Scientific classification
- Kingdom: Animalia
- Phylum: Arthropoda
- Class: Insecta
- Order: Hymenoptera
- Family: Apidae
- Genus: Bombus
- Subgenus: Alpinobombus
- Species: B. hyperboreus
- Binomial name: Bombus hyperboreus Schönherr, 1809

= Bombus hyperboreus =

- Genus: Bombus
- Species: hyperboreus
- Authority: Schönherr, 1809
- Conservation status: VU

Species of bee

Bombus hyperboreus is a species of Arctic bumblebee with a circumpolar distribution. The species is primarily found in the arctic areas of Canada, Greenland, northern Scandinavia, and Russia. In 2015, Bombus natvigi, from the Nearctic, was separated from this species, based on genetic analysis. Subsequent studies considered the genetic differentiation too weak for species status, but instead treat natvigi as a subspecies of hyperboreus. Accordingly, Bombus hyperboreus is now considered to have one subspecies (hyperboreus) limited to the Palaearctic, and the other (natvigi) occurring in North America and Greenland.

It is a brood parasite, and attacks and enslaves other bumblebee colonies in order to reproduce as they do not even have the ability to produce workers themselves. Most of its targets are colonies of species of the same subgenus, Alpinobombus.

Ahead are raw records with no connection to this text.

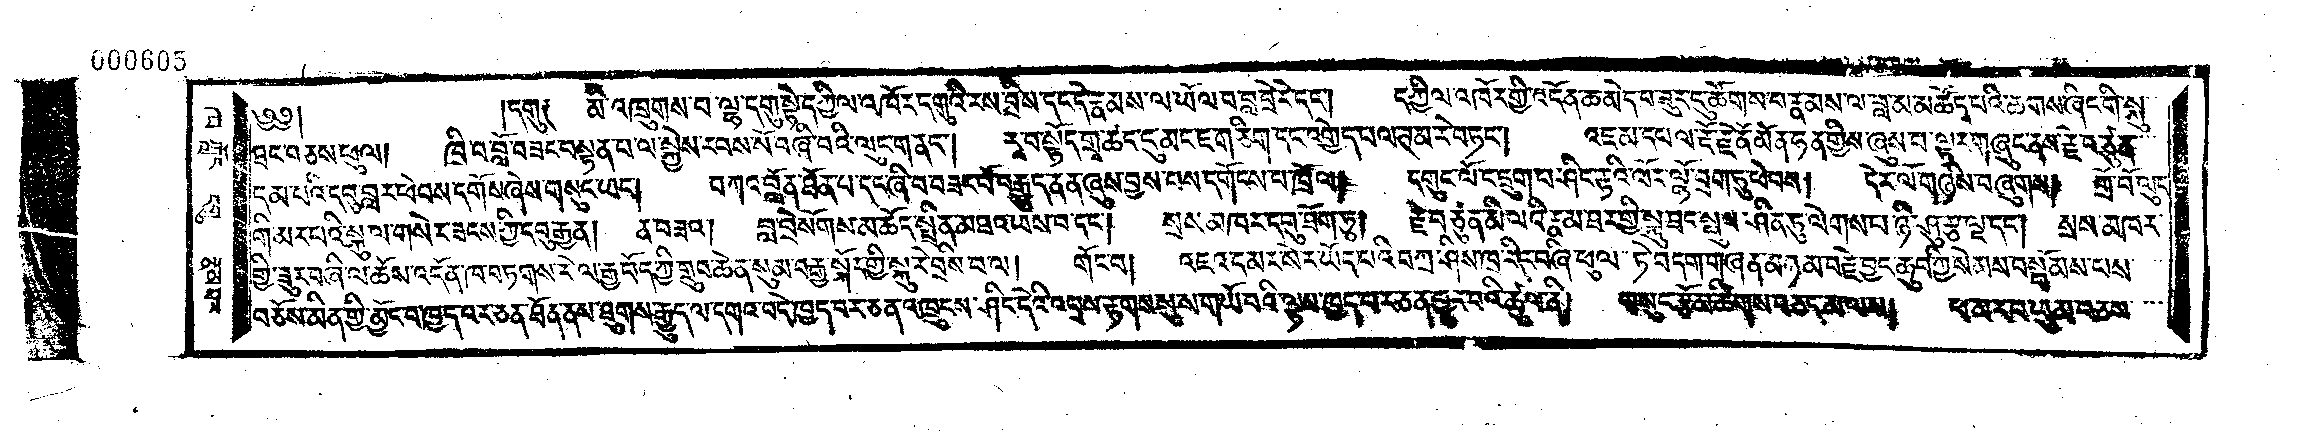༄༅། །དགུ༑ མི་འཁྲུགས་པ་ལྷ་དགུ་སྟེ་དཀྱིལ་འཁོར་དགུའི་རས་བྲིས་དང་དེ་རྣམས་ལ་ཡོལ་བ་བླ་བྲེ་རེ་དང་། དཀྱིལ་འཁོར་གྱི་འདོན་ཆ་མེད་པ་ཟུར་དུ་ཚོགས་པ་རྣམས་ལ་བླ་མ་མཆོད་པའི་ཚོགས་ཞིང་གི་སྐུ་
ཐང་བཅས་ཕུལ། ཁྲི་པ་བློ་བཟང་བསྟན་པ་ལ་སྐྱེས་རབས་སོ་བཞི་པའི་ལུང་གནང་། རྭབ་སྟོད་གྲྭ་ཚང་དུ་མང་ཇ་གཅིག་དང་འགྱེད་བལ་ཊམ་རེ་བཏང་། འཇམ་དཔལ་རྡོ་རྗེ་ནོ་མོན་ཧན་གྱིས་ཞུས་པ་ལྟར་གཞུང་ནས་རྗེ་བཙུན་
དམ་པའི་དབུ་བླར་ཕེབས་དགོས་ཞེས་གསུང་ཡང་། བཀའ་བློན་ཐོན་པ་དང་ཞི་བ་བཟང་པོ་བརྒྱུད་ནན་ཞུས་བྱས་པས་དགོངས་པ་ཁྲོལ། དགུང་ལོ་ང་དྲུག་པ་ཤིང་རྟའི་ལོར་ལྷོ་བྲག་ཏུ་ཕེབས། དེར་ལོ་གཉིས་བཞུགས། གྲོ་བོ་ལུང་
གི་མར་པའི་སྐུ་ལ་གསེར་ཟངས་ཀྱི་དབུ་རྒྱན། ན་བཟའ། བླ་བྲེ་སོགས་མཆོད་སྤྲིན་མཐའ་ཡས་པ་དང་། སྲས་མཁར་དགུ་ཐོག་ཏུ། རྗེ་བཙུན་མི་ལའི་རྣམ་ཐར་གྱི་སྐུ་ཐང་སྤུས་ཤིན་ཏུ་ལེགས་པ་ཉི་ཤུ་རྩ་ལྔ་དང་། སྲས་མཁར་
གྱི་ཟུར་བཞི་ལ་ཆོས་འདོན་ཁ་བཏགས་རེ་ལ་རྒྱ་བོད་ཀྱི་གྲུབ་ཆེན་སུམ་བརྒྱ་སྐོར་གྱི་སྐུ་རེ་བྲིས་པ་ལ། གོང་བ། འཇའ་དམར་སེར་ཡོད་པའི་བཀྲ་ཤིས་ཁྲ་རིང་བཞི་ཕུལ་ཏེ་བདག་གཞན་མཉམ་བརྗེ་བྱང་ཆུབ་ཀྱི་སེམས་བསྒོམས་པས་
བཅོས་མིན་གྱི་མྱོང་བ་ཁྱད་པར་ཅན་ཐོན་ནས་ཐུགས་རྒྱུད་ལ་དགའ་བདེ་ཁྱད་པར་ཅན་འཁྲུངས་ཤིང་དེའི་འབྲས་རྟགས་སུ་ས་གཡོ་བའི་ལྷས་ཁྱད་པར་ཅན་བྱུང་བའི་ཚུལ་ནི། གསུང་རྩོམ་ཚིགས་བཅད་མ་ལས། ཕ་མར་པ་ཡུམ་བཅས་

==Taxonomy and phylogeny==
Bombus hyperboreus was originally named B. arcticus in 1802. Zoologist Carl Schönherr independently named the species as B. hyperboreus in 1809. It was not until 1950 that B. hyperboreus was used commonly to identify the species, when it was recognized that the name arcticus had been widely misapplied for a different species named in 1824. Petitions were needed to change the name to B. hyperboreus officially, to eliminate confusion with this other species, presently classified as Bombus polaris.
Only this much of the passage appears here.